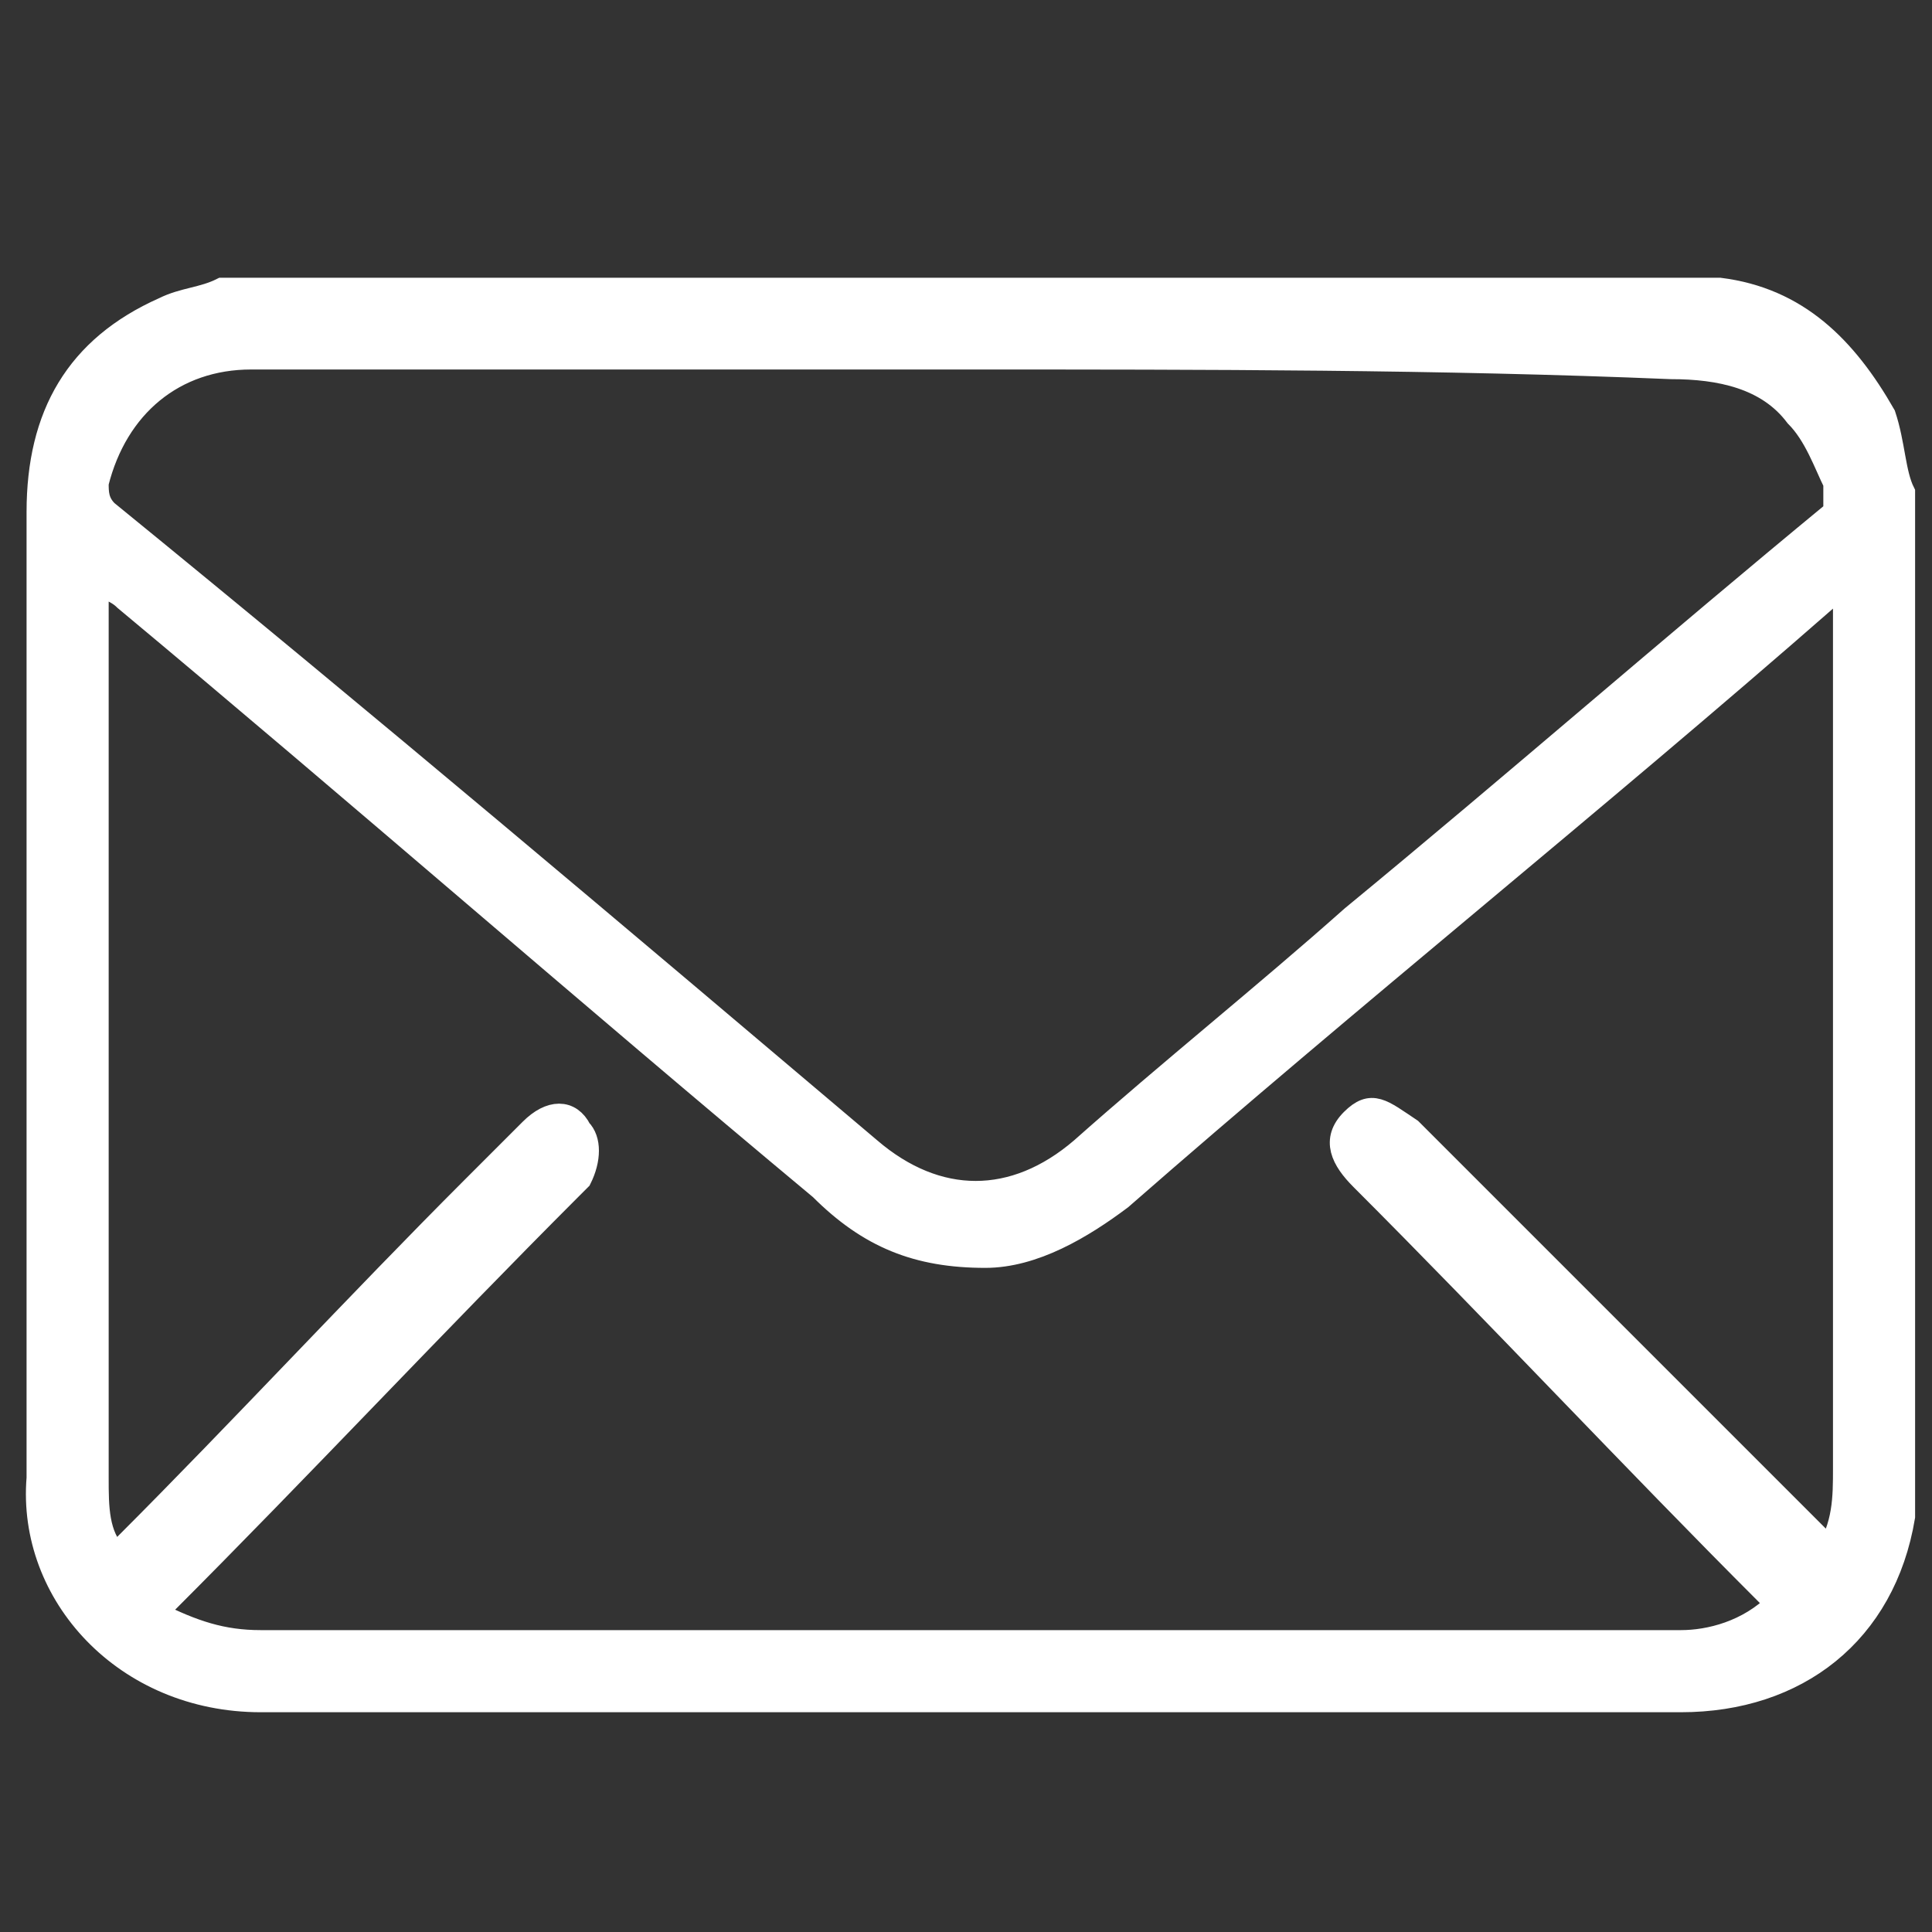 <?xml version="1.0" encoding="utf-8"?>
<!-- Generator: Adobe Illustrator 27.0.0, SVG Export Plug-In . SVG Version: 6.00 Build 0)  -->
<svg version="1.1" id="Слой_1" xmlns="http://www.w3.org/2000/svg" xmlns:xlink="http://www.w3.org/1999/xlink" x="0px" y="0px"
	 viewBox="0 0 20 20" style="enable-background:new 0 0 20 20;" xml:space="preserve">
<rect x="0" y="0" width="20" height="20" fill="#333333" stroke="none"/>
<style type="text/css">
	.st0{fill:#FFFFFF;stroke:#FFFFFF;stroke-width:0.25;stroke-miterlimit:10;}
</style>
<g id="V7EUXE.tif">
	<g>
		<path class="st0" d="M19.7,5.1c0,3.5,0,7,0,10.5c0,0,0,0.1,0,0.1c-0.2,1.2-1.1,1.9-2.3,1.9c-4.9,0-9.8,0-14.7,0
			c-1.4,0-2.4-1.1-2.3-2.3c0-1,0-1.9,0-2.9c0-2.4,0-4.7,0-7.1c0-1,0.4-1.7,1.3-2.1c0.2-0.1,0.4-0.1,0.6-0.2c5.1,0,10.3,0,15.4,0
			c0,0,0.1,0,0.1,0c0.8,0.1,1.3,0.6,1.7,1.3C19.6,4.6,19.6,4.9,19.7,5.1z M18.4,16.6c0-0.1-0.1-0.1-0.1-0.1
			c-1.4-1.4-2.8-2.9-4.2-4.3c-0.2-0.2-0.3-0.4-0.1-0.6c0.2-0.2,0.3-0.1,0.6,0.1c1.4,1.4,2.8,2.8,4.2,4.2c0,0.1,0.1,0.1,0.1,0.2
			c0.2-0.3,0.2-0.6,0.2-0.9c0-3,0-6,0-9c0-0.1,0-0.1,0-0.2c-0.1,0.1-0.1,0.1-0.2,0.2c-2.4,2.1-4.9,4.1-7.3,6.2
			c-0.4,0.3-0.9,0.6-1.4,0.6c-0.7,0-1.2-0.2-1.7-0.7c-2.4-2-4.8-4.1-7.2-6.1C1.2,6.1,1.1,6.1,1,6c0,0.1,0,0.2,0,0.2c0,3,0,6,0,9.1
			c0,0.3,0,0.6,0.2,0.8C1.3,16.1,1.3,16,1.3,16c1.2-1.2,2.4-2.5,3.6-3.7c0.2-0.2,0.4-0.4,0.6-0.6c0.2-0.2,0.4-0.2,0.5,0
			c0.1,0.1,0.1,0.3,0,0.5c0,0-0.1,0.1-0.1,0.1c-1.4,1.4-2.8,2.9-4.2,4.3c0,0-0.1,0.1-0.1,0.1C2,16.9,2.3,17,2.7,17
			c3.2,0,6.4,0,9.6,0c1.7,0,3.4,0,5.1,0C17.7,17,18.1,16.9,18.4,16.6z M10,3.7c-0.4,0-0.7,0-1.1,0c-2.1,0-4.2,0-6.3,0
			C1.8,3.7,1.2,4.2,1,5c0,0.1,0,0.2,0.1,0.3C3.8,7.5,6.4,9.7,9,11.9c0.7,0.6,1.5,0.6,2.2,0c0.9-0.8,1.9-1.6,2.8-2.4
			c1.7-1.4,3.3-2.8,5-4.2C19,5.2,19,5.1,19,5c-0.1-0.2-0.2-0.5-0.4-0.7c-0.3-0.4-0.8-0.5-1.3-0.5C14.9,3.7,12.5,3.7,10,3.7z"/>
	</g>
</g>
<g id="TEd45w.tif">
</g>
</svg>
=-=-=-=-=
# INSTRUCTIONS TO FOLLOW:
A complete answer reproduces every line of the records in which the word "style" occurs.

# OUTPUT FOR THIS EXERCISE:
	 viewBox="0 0 20 20" style="enable-background:new 0 0 20 20;" xml:space="preserve">
<style type="text/css">
</style>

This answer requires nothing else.